Speaking of well stocked pantry - this meal was made from everything on hand.  It's a terrific quick go to meal when you are -

a - not feeling well
b- rushed for time
c- don't feel like cooking
d - feel like having soup

It is a great base to improvise on as well.  You can add fresh or frozen vegetables, leftover chicken or even a different type of pasta if you so choose.

Here is what you need:

1 bag frozen tortellini or your choice of pasta
2 Tbsp olive oil
2 cloves of garlic, smashed, peeled and chopped
1/2 medium onion, peeled, diced
6 cups chicken broth - homemade or store bought.  I used Shop Rite's organic brand
Salt & Pepper
Parmesan Cheese
Red Pepper (optional)

Here is what you do:

In a stockpot, cook tortellini according to package directions.

***Small note here - once water comes to a boil, be sure to salt the water well.  Add the tortellini and cook it for a minute or two less than is called for.  For example if the directions say - cook 10-12 minutes, only cook them for 8-10 minutes.  This way you can add the tortellini to the broth to let them finish cooking there.  The reason for this?  As the tortellini cooks, it will absorb the chicken broth and add more flavor to the tortellini.  Also, the starchiness the pasta gives off as it cooks will help richen the soup.

Meanwhile in a separate skillet or pot (like a 10-12 inch high sided skillet), over medium heat, add the olive oil.  Toss in the onion and garlic and saute just until they start to soften about 3-4 minutes.  Add the chicken broth and bring to simmer. 





Once the tortellini are almost heated through, remove them from the boiling water with a large slotted spoon and place directly into the broth. 




** It is best to remove the pasta from the cooking liquid this way, particulary with stuffed pasta like tortellini or ravioli.  Pouring the boiling water and cooked pasta into a colander in the sink can cause the pasta to tear and break apart.
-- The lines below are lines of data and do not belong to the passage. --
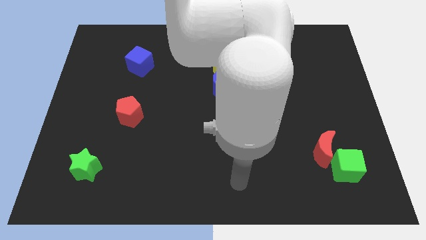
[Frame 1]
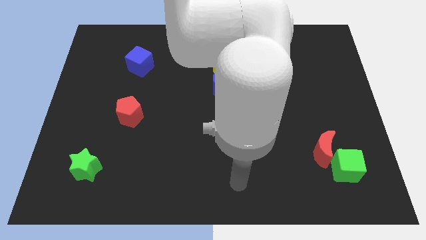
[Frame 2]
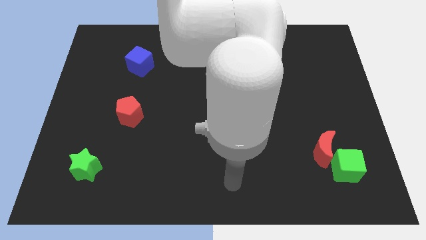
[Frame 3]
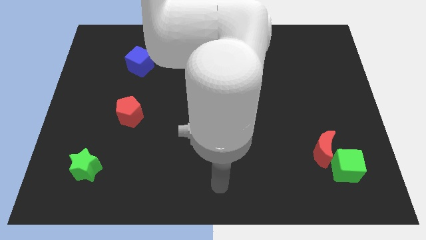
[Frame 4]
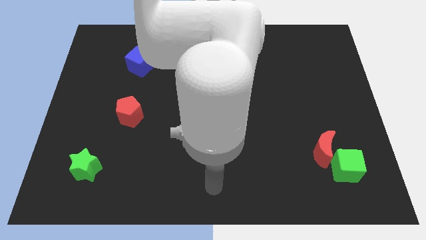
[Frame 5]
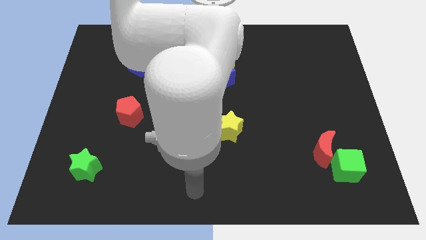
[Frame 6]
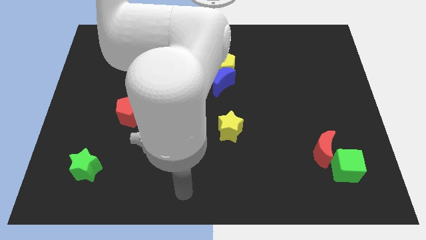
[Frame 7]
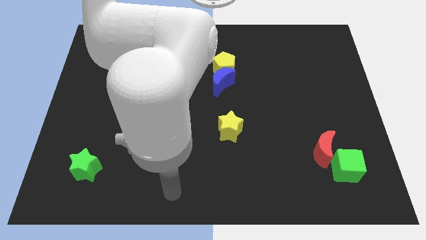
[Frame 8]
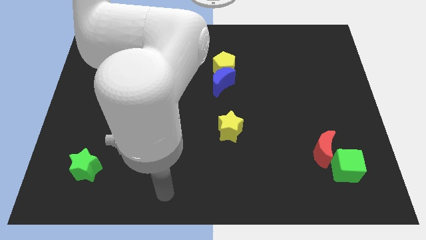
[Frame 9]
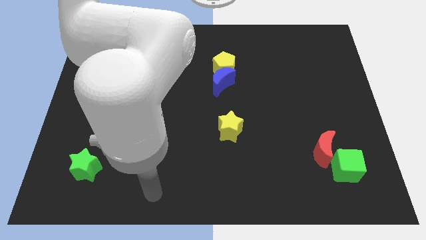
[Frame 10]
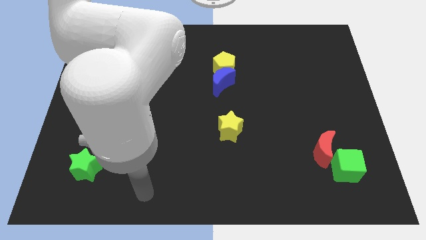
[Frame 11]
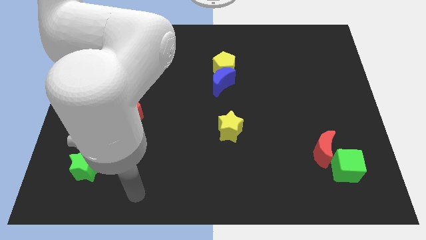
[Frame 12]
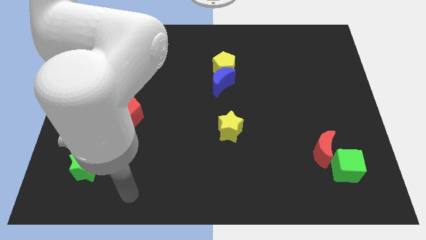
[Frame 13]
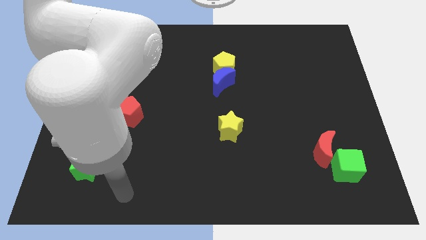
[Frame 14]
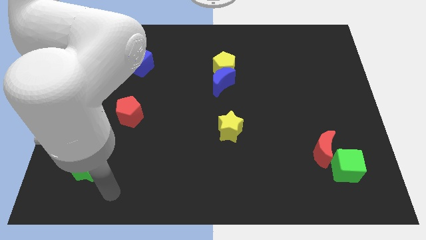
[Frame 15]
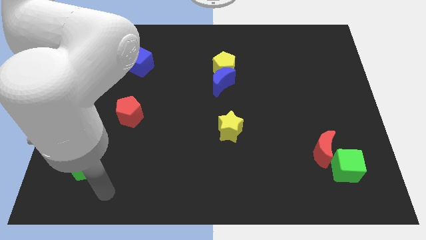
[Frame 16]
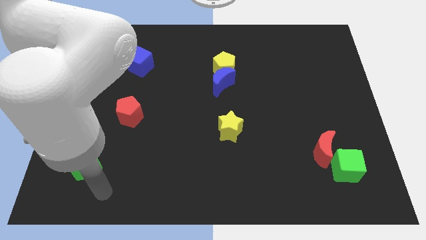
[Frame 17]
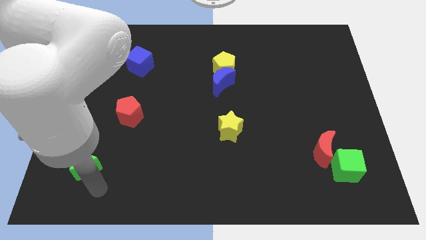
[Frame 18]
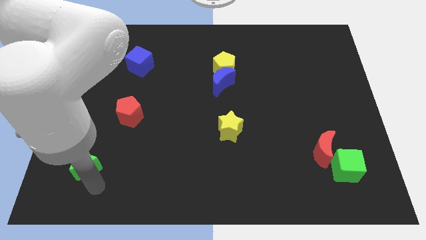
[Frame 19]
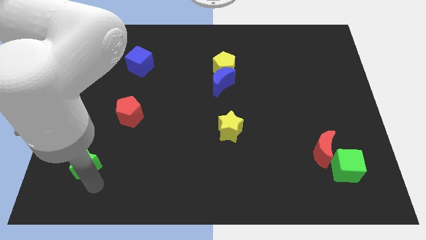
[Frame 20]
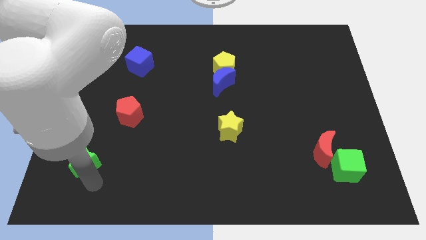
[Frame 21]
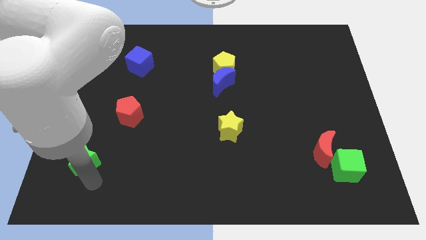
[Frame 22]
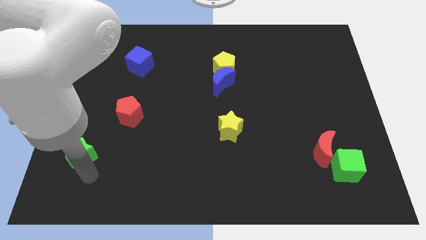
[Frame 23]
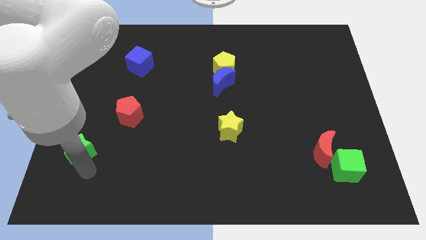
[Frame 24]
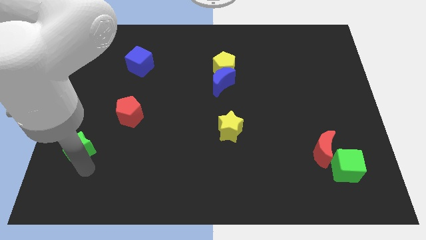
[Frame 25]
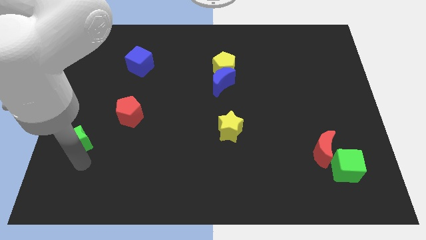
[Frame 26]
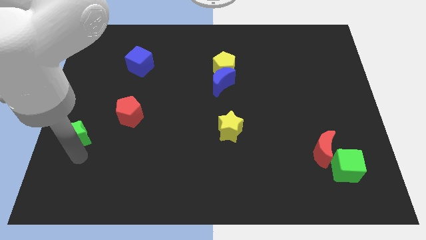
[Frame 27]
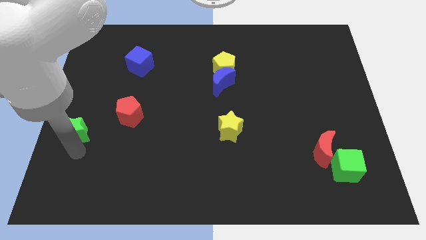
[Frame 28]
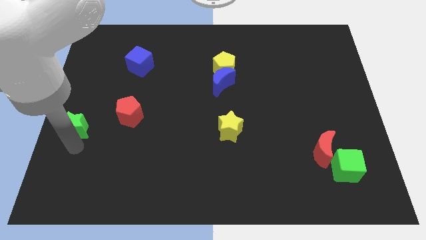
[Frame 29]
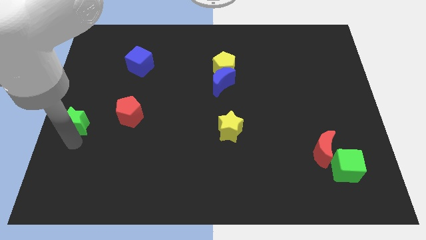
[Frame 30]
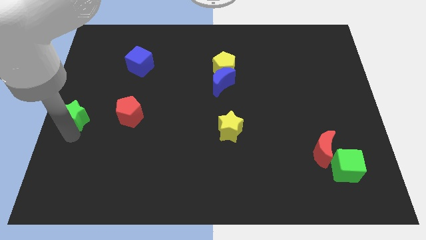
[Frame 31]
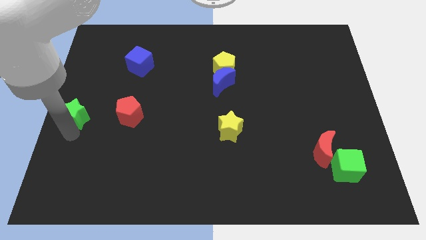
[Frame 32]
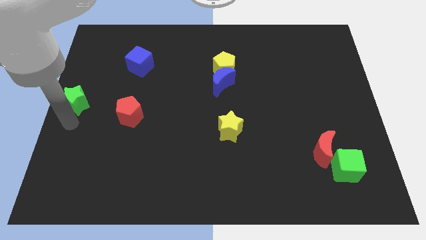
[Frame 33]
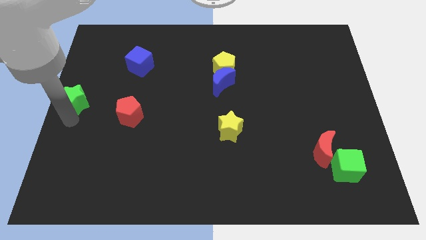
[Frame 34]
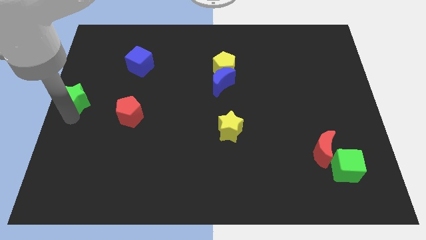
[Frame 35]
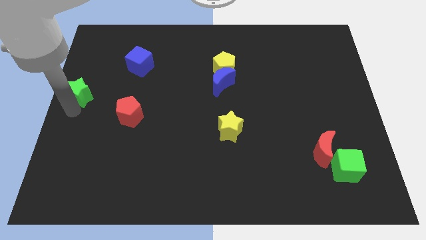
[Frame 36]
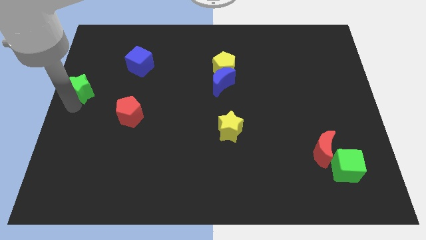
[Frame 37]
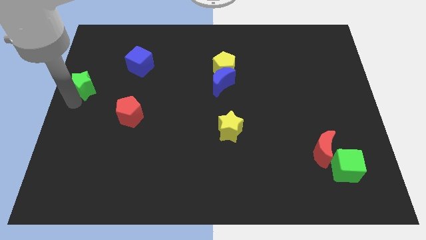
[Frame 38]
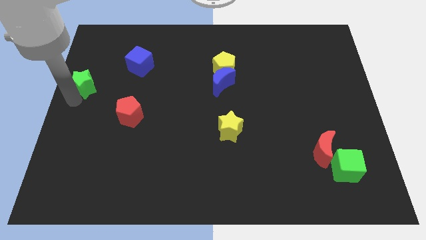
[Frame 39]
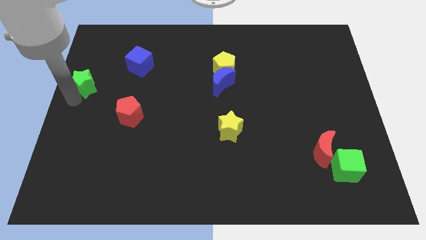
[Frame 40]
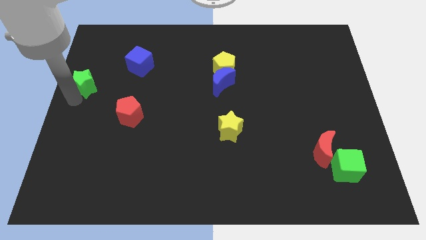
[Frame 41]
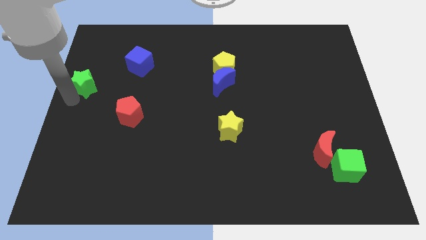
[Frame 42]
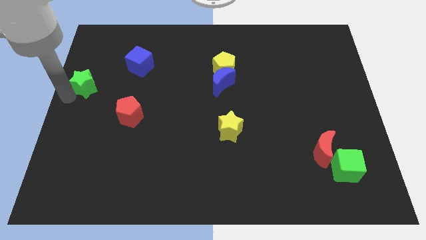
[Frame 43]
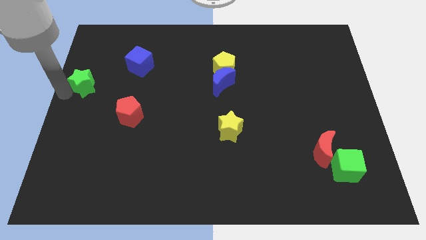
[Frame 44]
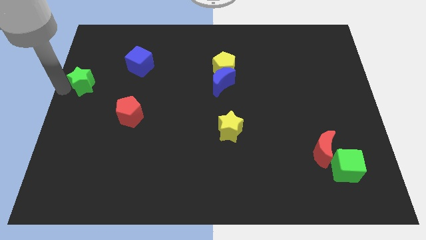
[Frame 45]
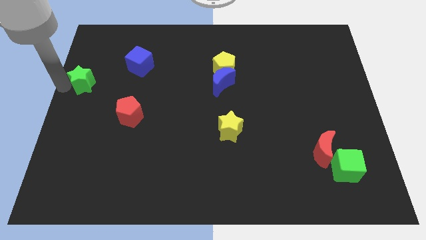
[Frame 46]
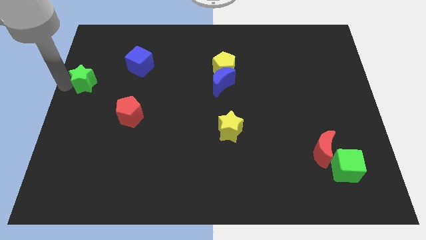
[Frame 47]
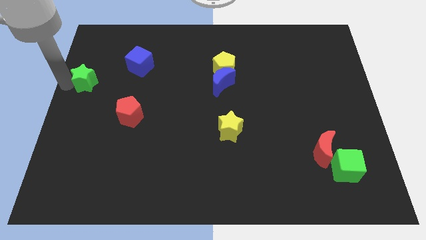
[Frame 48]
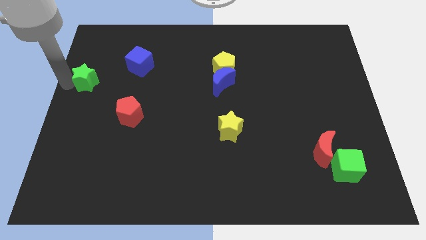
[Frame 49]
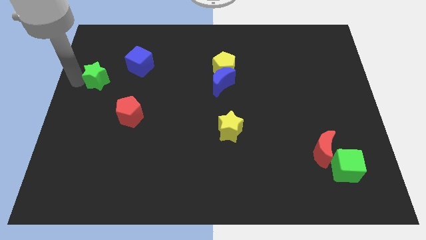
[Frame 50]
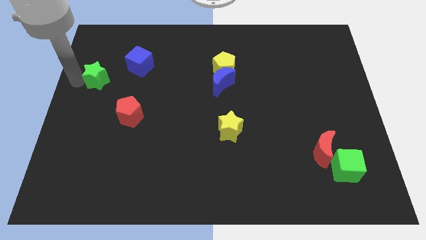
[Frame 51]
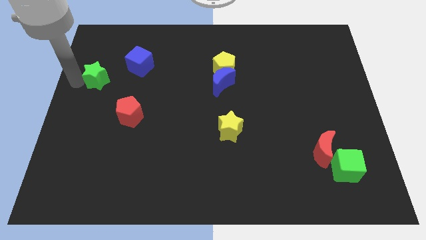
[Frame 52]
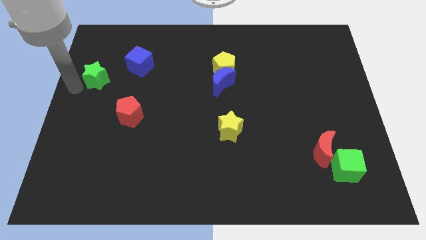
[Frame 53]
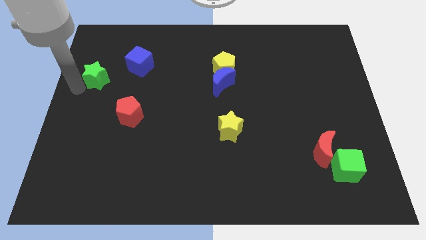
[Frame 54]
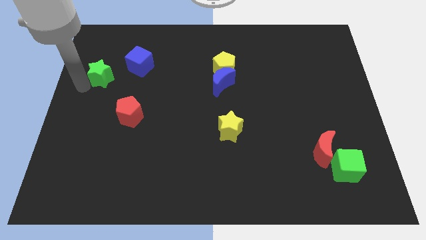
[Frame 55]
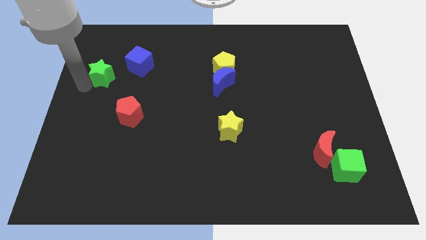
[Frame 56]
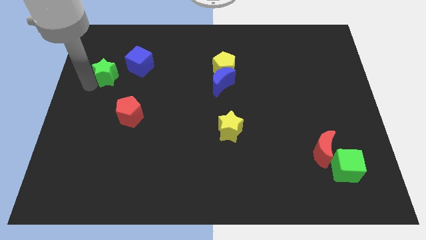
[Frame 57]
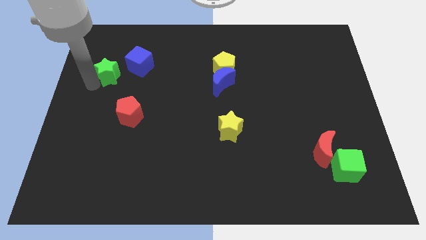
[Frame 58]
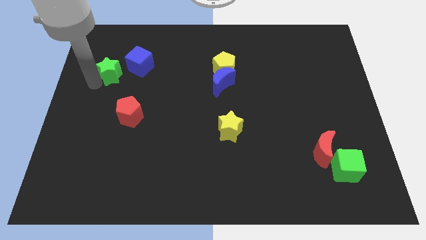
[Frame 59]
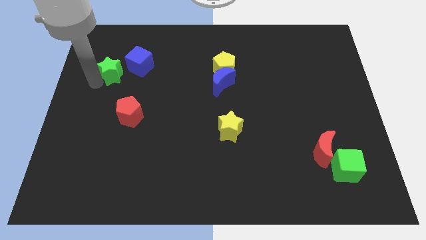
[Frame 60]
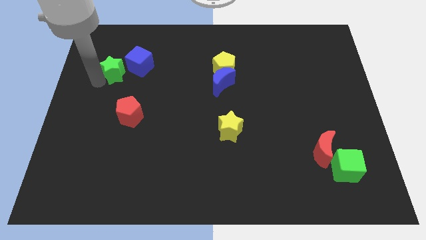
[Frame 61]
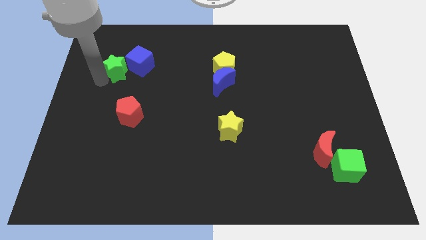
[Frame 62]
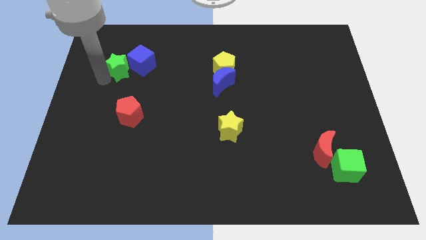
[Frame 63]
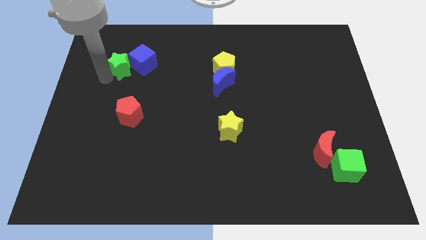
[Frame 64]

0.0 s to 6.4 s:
move the green star towards the blue cube

Let the tortellini finish cooking an additional minute or two.  How will you know when they are done?  Try them.  I like all my pasta al dente but if you like yours cooked a little longer - go for it - it's your kitchen.

Add some salt and pepper and crushed red pepper to taste.

Pour into bowls and top with a little Parmesan chesse if so desired. 




I think it could use a little green like parsley but I could not handle being green anymore this week.

Enjoy!

And I promise to write more this week - let's hope everyone is back to normal.